#### [WHAT THE TASK REQUIRES]
The required result is an exact copy of the lines from the one containing "Echo time: 0.09 s" to the last line of the records, both ends included, without pictures.

---------------

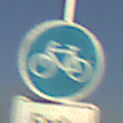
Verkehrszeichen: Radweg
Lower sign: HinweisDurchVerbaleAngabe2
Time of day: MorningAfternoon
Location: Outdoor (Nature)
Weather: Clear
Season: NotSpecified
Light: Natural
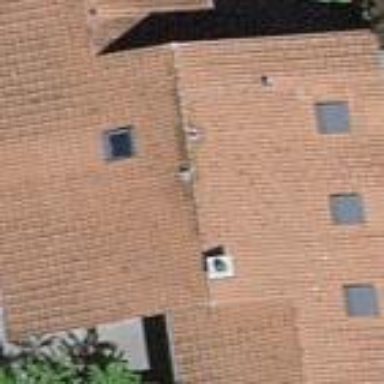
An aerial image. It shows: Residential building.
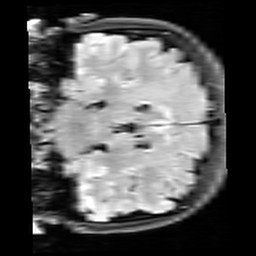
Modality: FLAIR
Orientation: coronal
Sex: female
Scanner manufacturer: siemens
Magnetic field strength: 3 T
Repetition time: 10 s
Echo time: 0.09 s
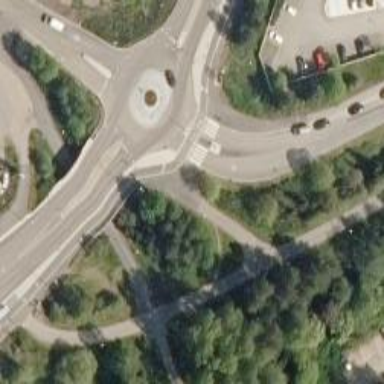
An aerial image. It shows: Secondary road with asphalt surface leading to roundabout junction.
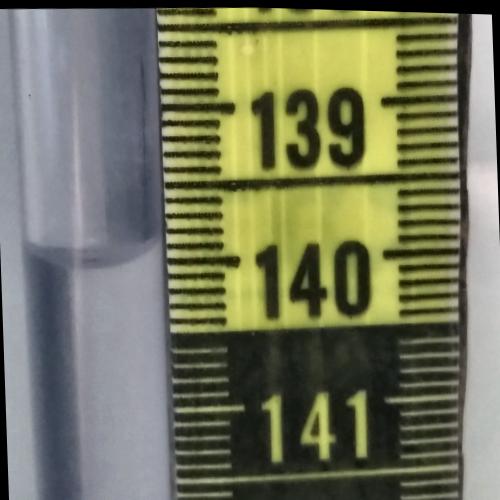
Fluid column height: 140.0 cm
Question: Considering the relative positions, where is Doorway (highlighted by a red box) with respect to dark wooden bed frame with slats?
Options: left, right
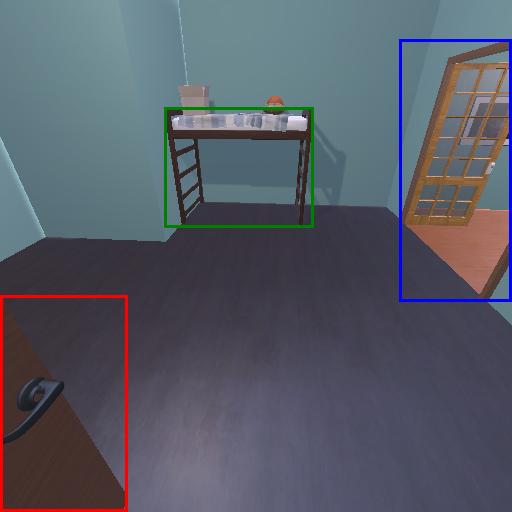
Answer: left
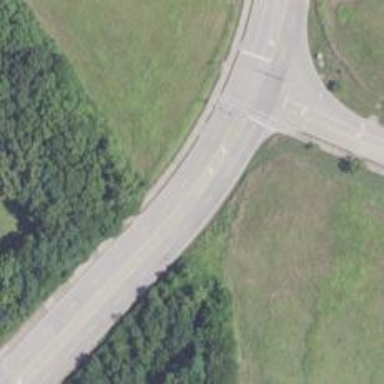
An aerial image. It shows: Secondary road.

---------------

#### [WRITTEN REPLY]
Echo time: 0.09 s
An aerial image. It shows: Secondary road with asphalt surface leading to roundabout junction.
Fluid column height: 140.0 cm
Question: Considering the relative positions, where is Doorway (highlighted by a red box) with respect to dark wooden bed frame with slats?
Options: left, right
Answer: left
An aerial image. It shows: Secondary road.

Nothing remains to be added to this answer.